Figure 13.4: Premature Atrial Complex (PAC) Conducted with a Prolonged PR Interval. The PAC marked by the arrow, is conducted with a prolonged PR interval (bracket). The P wave is premature and has a different configuration when compared to the normal sinus P waves. In spite of the prolonged PR interval, the impulse is conducted normally to the ventricles resulting in a narrow QRS complex.

·         PACs may also occur in bigeminy or in trigeminy (Figs. 13.6,13.7,13.8,13.9) or they may occur in pairs or couplets or in short bursts of atrial tachycardia.

·         Atrial tachycardia: The rhythm is atrial tachycardia if three or more PACs occur consecutively with a rate >100 beats per minute (bpm) (Fig. 13.10).

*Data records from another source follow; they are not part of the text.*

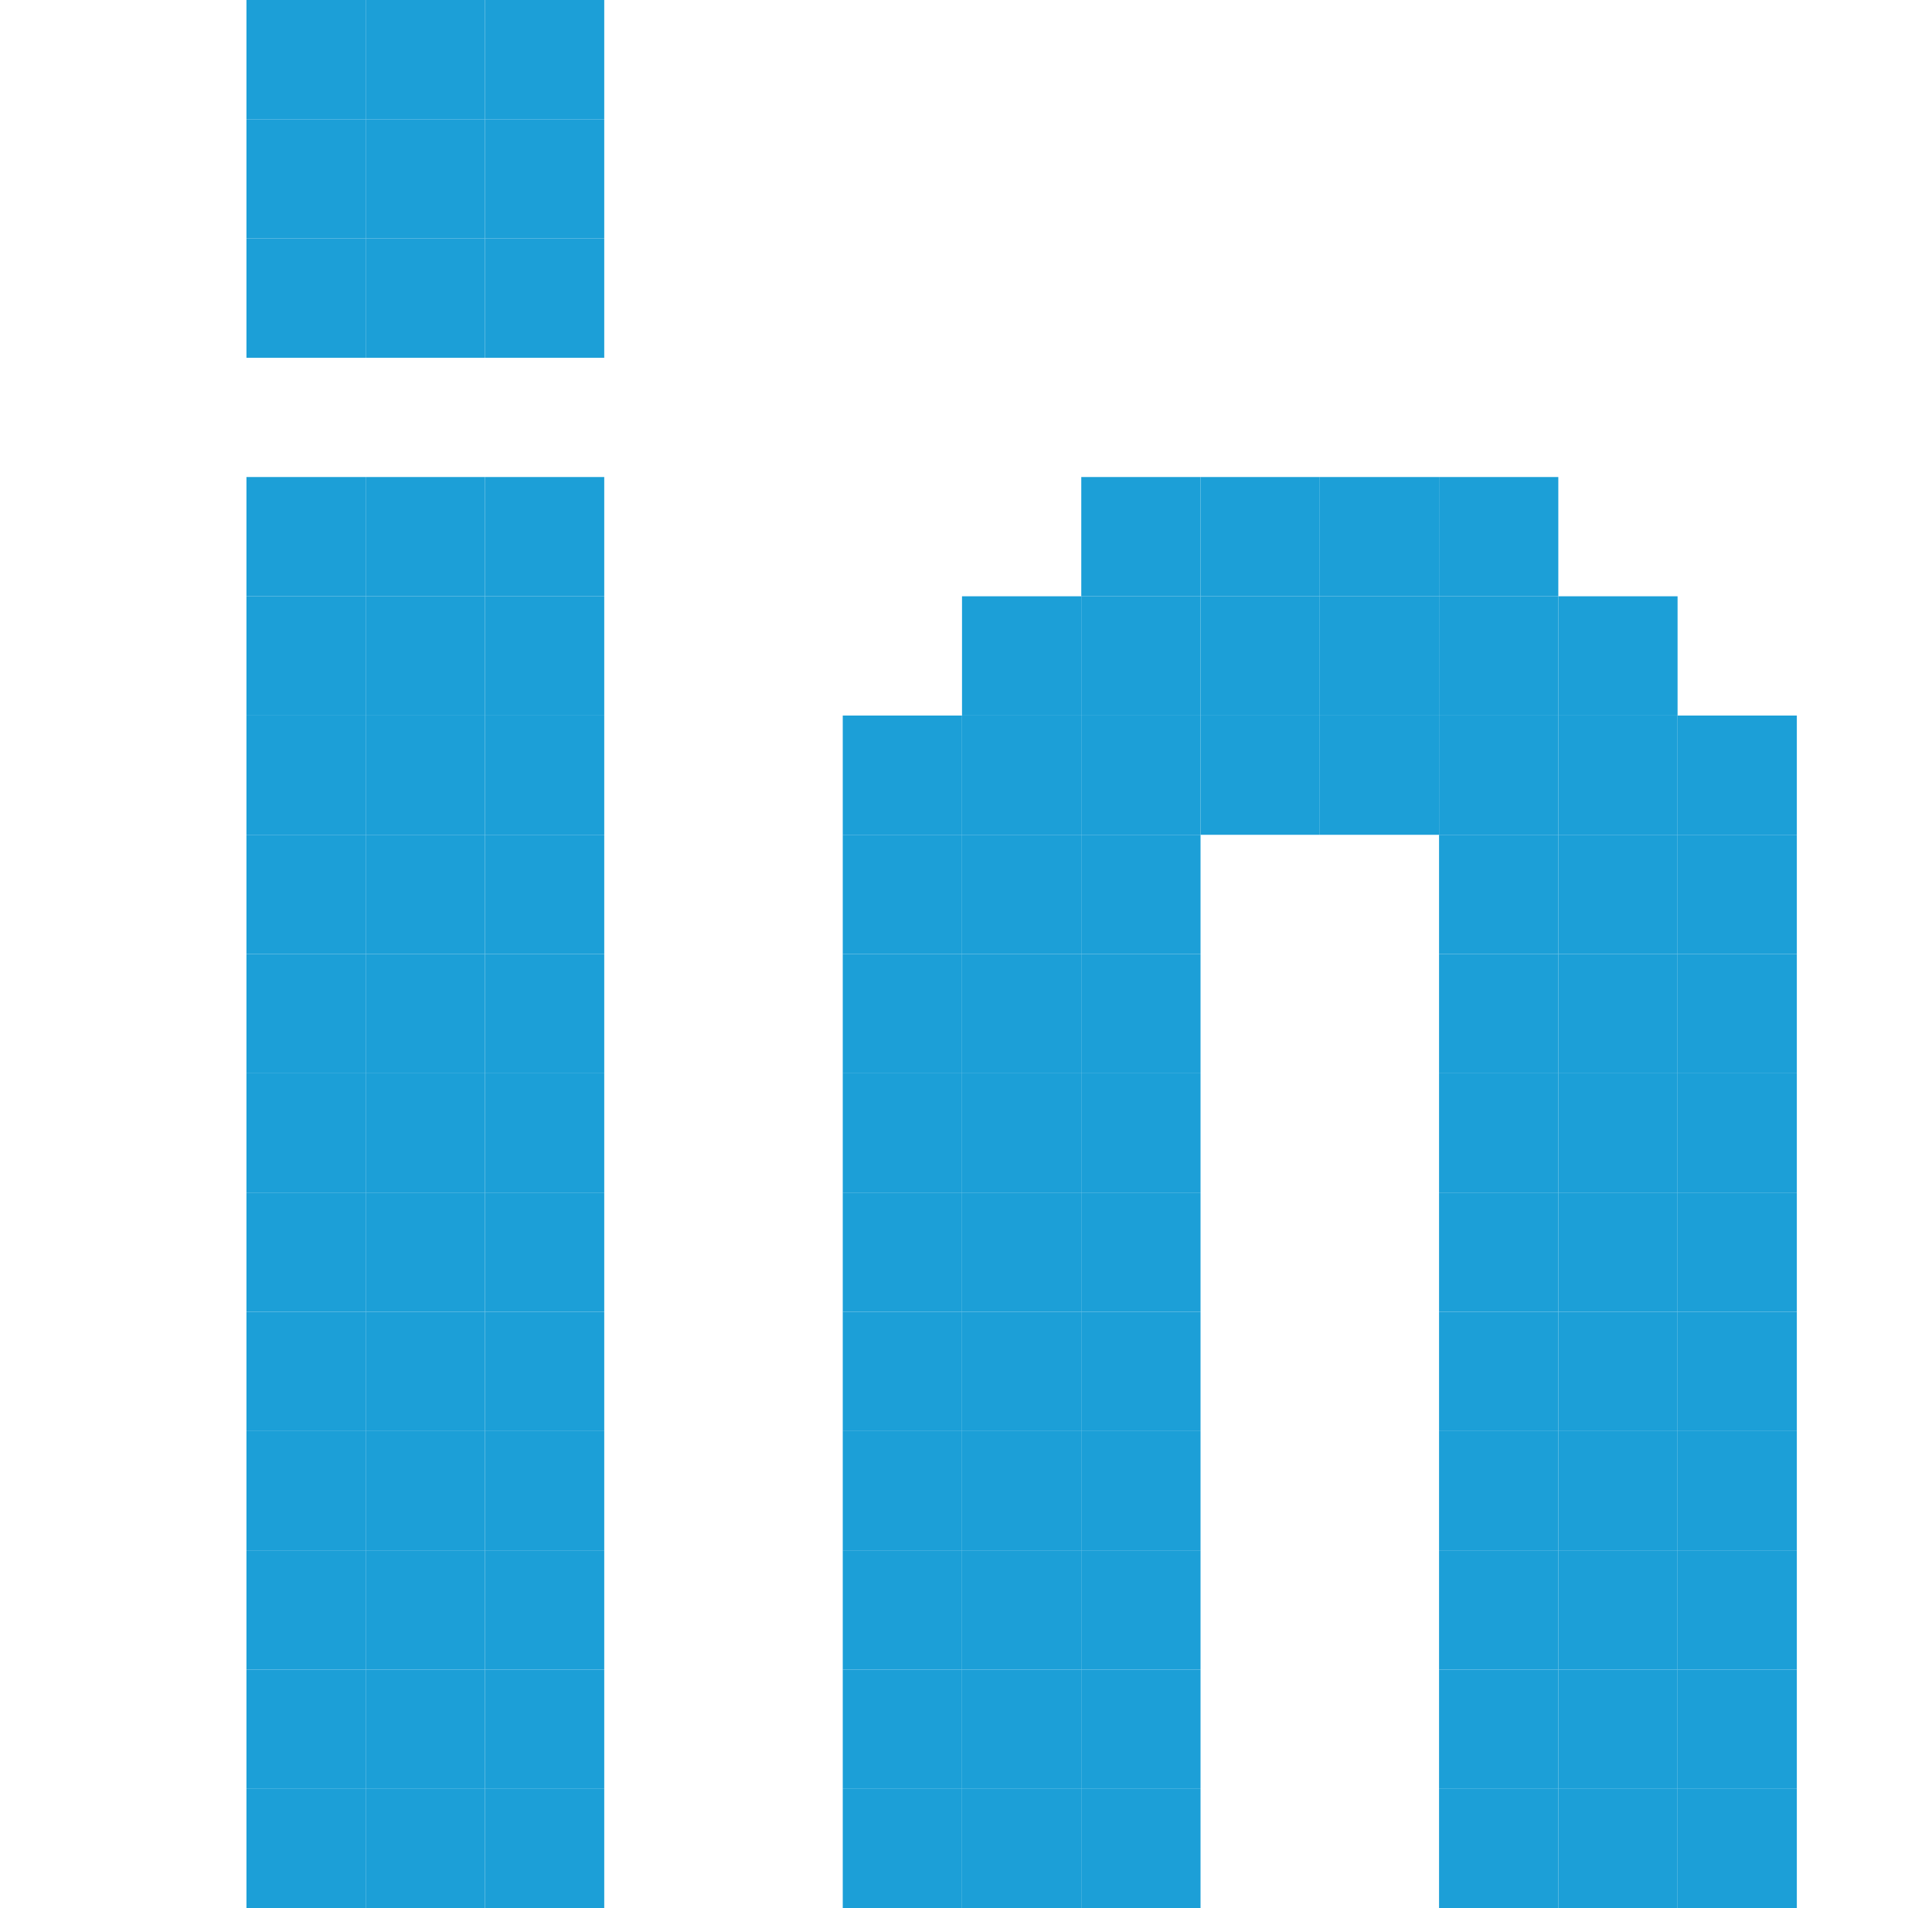 <svg width="81" height="80" viewBox="0 0 81 80" fill="none" xmlns="http://www.w3.org/2000/svg">
<rect x="10.333" width="5" height="5" fill="#1C9FD7"/>
<rect x="15.333" width="5" height="5" fill="#1C9FD7"/>
<rect x="10.333" y="5" width="5" height="5" fill="#1C9FD7"/>
<rect x="20.333" y="5" width="5" height="5" fill="#1C9FD7"/>
<rect x="20.333" width="5" height="5" fill="#1C9FD7"/>
<rect x="15.333" y="5" width="5" height="5" fill="#1C9FD7"/>
<rect x="15.333" y="10" width="5" height="5" fill="#1C9FD7"/>
<rect x="10.333" y="10" width="5" height="5" fill="#1C9FD7"/>
<rect x="20.333" y="10" width="5" height="5" fill="#1C9FD7"/>
<rect x="15.333" y="20" width="5" height="5" fill="#1C9FD7"/>
<rect x="10.333" y="20" width="5" height="5" fill="#1C9FD7"/>
<rect x="20.333" y="20" width="5" height="5" fill="#1C9FD7"/>
<rect x="45.333" y="20" width="5" height="5" fill="#1C9FD7"/>
<rect x="50.333" y="20" width="5" height="5" fill="#1C9FD7"/>
<rect x="50.333" y="25" width="5" height="5" fill="#1C9FD7"/>
<rect x="55.333" y="20" width="5" height="5" fill="#1C9FD7"/>
<rect x="60.333" y="20" width="5" height="5" fill="#1C9FD7"/>
<rect x="10.333" y="25" width="5" height="5" fill="#1C9FD7"/>
<rect x="15.333" y="25" width="5" height="5" fill="#1C9FD7"/>
<rect x="20.333" y="25" width="5" height="5" fill="#1C9FD7"/>
<rect x="40.333" y="25" width="5" height="5" fill="#1C9FD7"/>
<rect x="45.333" y="25" width="5" height="5" fill="#1C9FD7"/>
<rect x="45.333" y="30" width="5" height="5" fill="#1C9FD7"/>
<rect x="50.333" y="30" width="5" height="5" fill="#1C9FD7"/>
<rect x="55.333" y="30" width="5" height="5" fill="#1C9FD7"/>
<rect x="45.333" y="35" width="5" height="5" fill="#1C9FD7"/>
<rect x="45.333" y="40" width="5" height="5" fill="#1C9FD7"/>
<rect x="45.333" y="45" width="5" height="5" fill="#1C9FD7"/>
<rect x="45.333" y="50" width="5" height="5" fill="#1C9FD7"/>
<rect x="45.333" y="55" width="5" height="5" fill="#1C9FD7"/>
<rect x="45.333" y="60" width="5" height="5" fill="#1C9FD7"/>
<rect x="45.333" y="70" width="5" height="5" fill="#1C9FD7"/>
<rect x="45.333" y="75" width="5" height="5" fill="#1C9FD7"/>
<rect x="45.333" y="65" width="5" height="5" fill="#1C9FD7"/>
<rect x="55.333" y="25" width="5" height="5" fill="#1C9FD7"/>
<rect x="60.333" y="25" width="5" height="5" fill="#1C9FD7"/>
<rect x="65.333" y="25" width="5" height="5" fill="#1C9FD7"/>
<rect x="10.333" y="30" width="5" height="5" fill="#1C9FD7"/>
<rect x="15.333" y="30" width="5" height="5" fill="#1C9FD7"/>
<rect x="20.333" y="30" width="5" height="5" fill="#1C9FD7"/>
<rect x="35.333" y="30" width="5" height="5" fill="#1C9FD7"/>
<rect x="40.333" y="30" width="5" height="5" fill="#1C9FD7"/>
<rect x="60.333" y="30" width="5" height="5" fill="#1C9FD7"/>
<rect x="65.333" y="30" width="5" height="5" fill="#1C9FD7"/>
<rect x="70.333" y="30" width="5" height="5" fill="#1C9FD7"/>
<rect x="10.333" y="35" width="5" height="5" fill="#1C9FD7"/>
<rect x="15.333" y="35" width="5" height="5" fill="#1C9FD7"/>
<rect x="20.333" y="35" width="5" height="5" fill="#1C9FD7"/>
<rect x="35.333" y="35" width="5" height="5" fill="#1C9FD7"/>
<rect x="40.333" y="35" width="5" height="5" fill="#1C9FD7"/>
<rect x="60.333" y="35" width="5" height="5" fill="#1C9FD7"/>
<rect x="65.333" y="35" width="5" height="5" fill="#1C9FD7"/>
<rect x="70.333" y="35" width="5" height="5" fill="#1C9FD7"/>
<rect x="70.333" y="40" width="5" height="5" fill="#1C9FD7"/>
<rect x="70.333" y="45" width="5" height="5" fill="#1C9FD7"/>
<rect x="70.333" y="50" width="5" height="5" fill="#1C9FD7"/>
<rect x="70.333" y="55" width="5" height="5" fill="#1C9FD7"/>
<rect x="70.333" y="60" width="5" height="5" fill="#1C9FD7"/>
<rect x="70.333" y="65" width="5" height="5" fill="#1C9FD7"/>
<rect x="70.333" y="70" width="5" height="5" fill="#1C9FD7"/>
<rect x="70.333" y="75" width="5" height="5" fill="#1C9FD7"/>
<rect x="10.333" y="40" width="5" height="5" fill="#1C9FD7"/>
<rect x="15.333" y="40" width="5" height="5" fill="#1C9FD7"/>
<rect x="20.333" y="40" width="5" height="5" fill="#1C9FD7"/>
<rect x="35.333" y="40" width="5" height="5" fill="#1C9FD7"/>
<rect x="40.333" y="40" width="5" height="5" fill="#1C9FD7"/>
<rect x="60.333" y="40" width="5" height="5" fill="#1C9FD7"/>
<rect x="65.333" y="40" width="5" height="5" fill="#1C9FD7"/>
<rect x="10.333" y="45" width="5" height="5" fill="#1C9FD7"/>
<rect x="15.333" y="45" width="5" height="5" fill="#1C9FD7"/>
<rect x="20.333" y="45" width="5" height="5" fill="#1C9FD7"/>
<rect x="35.333" y="45" width="5" height="5" fill="#1C9FD7"/>
<rect x="40.333" y="45" width="5" height="5" fill="#1C9FD7"/>
<rect x="60.333" y="45" width="5" height="5" fill="#1C9FD7"/>
<rect x="65.333" y="45" width="5" height="5" fill="#1C9FD7"/>
<rect x="10.333" y="50" width="5" height="5" fill="#1C9FD7"/>
<rect x="15.333" y="50" width="5" height="5" fill="#1C9FD7"/>
<rect x="20.333" y="50" width="5" height="5" fill="#1C9FD7"/>
<rect x="35.333" y="50" width="5" height="5" fill="#1C9FD7"/>
<rect x="40.333" y="50" width="5" height="5" fill="#1C9FD7"/>
<rect x="60.333" y="50" width="5" height="5" fill="#1C9FD7"/>
<rect x="65.333" y="50" width="5" height="5" fill="#1C9FD7"/>
<rect x="10.333" y="55" width="5" height="5" fill="#1C9FD7"/>
<rect x="15.333" y="55" width="5" height="5" fill="#1C9FD7"/>
<rect x="20.333" y="55" width="5" height="5" fill="#1C9FD7"/>
<rect x="35.333" y="55" width="5" height="5" fill="#1C9FD7"/>
<rect x="40.333" y="55" width="5" height="5" fill="#1C9FD7"/>
<rect x="60.333" y="55" width="5" height="5" fill="#1C9FD7"/>
<rect x="65.333" y="55" width="5" height="5" fill="#1C9FD7"/>
<rect x="10.333" y="60" width="5" height="5" fill="#1C9FD7"/>
<rect x="15.333" y="60" width="5" height="5" fill="#1C9FD7"/>
<rect x="20.333" y="60" width="5" height="5" fill="#1C9FD7"/>
<rect x="35.333" y="60" width="5" height="5" fill="#1C9FD7"/>
<rect x="40.333" y="60" width="5" height="5" fill="#1C9FD7"/>
<rect x="60.333" y="60" width="5" height="5" fill="#1C9FD7"/>
<rect x="65.333" y="60" width="5" height="5" fill="#1C9FD7"/>
<rect x="10.333" y="65" width="5" height="5" fill="#1C9FD7"/>
<rect x="15.333" y="65" width="5" height="5" fill="#1C9FD7"/>
<rect x="20.333" y="65" width="5" height="5" fill="#1C9FD7"/>
<rect x="35.333" y="65" width="5" height="5" fill="#1C9FD7"/>
<rect x="40.333" y="65" width="5" height="5" fill="#1C9FD7"/>
<rect x="60.333" y="65" width="5" height="5" fill="#1C9FD7"/>
<rect x="65.333" y="65" width="5" height="5" fill="#1C9FD7"/>
<rect x="10.333" y="70" width="5" height="5" fill="#1C9FD7"/>
<rect x="15.333" y="70" width="5" height="5" fill="#1C9FD7"/>
<rect x="20.333" y="70" width="5" height="5" fill="#1C9FD7"/>
<rect x="35.333" y="70" width="5" height="5" fill="#1C9FD7"/>
<rect x="40.333" y="70" width="5" height="5" fill="#1C9FD7"/>
<rect x="60.333" y="70" width="5" height="5" fill="#1C9FD7"/>
<rect x="65.333" y="70" width="5" height="5" fill="#1C9FD7"/>
<rect x="10.333" y="75" width="5" height="5" fill="#1C9FD7"/>
<rect x="15.333" y="75" width="5" height="5" fill="#1C9FD7"/>
<rect x="20.333" y="75" width="5" height="5" fill="#1C9FD7"/>
<rect x="35.333" y="75" width="5" height="5" fill="#1C9FD7"/>
<rect x="40.333" y="75" width="5" height="5" fill="#1C9FD7"/>
<rect x="60.333" y="75" width="5" height="5" fill="#1C9FD7"/>
<rect x="65.333" y="75" width="5" height="5" fill="#1C9FD7"/>
</svg>

o    Multifocal atrial tachycardia: The tachycardia is multifocal if the P waves have different morphologies (Fig. 13.11).

                    

Figure 13.5: Premature Atrial Complex (PAC) Conducted with Aberration. The third QRS complex is premature and is wide and may be mistaken for a premature ventricular contraction (PVC). Note, however, that there is an ectopic P wave preceding the wide QRS complex (arrow), suggesting that the wide QRS complex is a PAC, not a PVC. This type of PAC with wide QRS complex is aberrantly conducted. Aberrantly conducted PACs usually have right bundle branch block configuration and the QRS complexes are triphasic with rsR' configuration in V1 as shown.

o    Multifocal atrial rhythm:Multifocal atrial rhythm is present if three or more consecutive PACS are present with a rate ≤100 bpm (Fig. 13.12).

·         A single PAC can precipitate a run of atrial tachycardia, atrial flutter, or atrial fibrillation when there is appropriate substrate for reentry (Fig. 13.13).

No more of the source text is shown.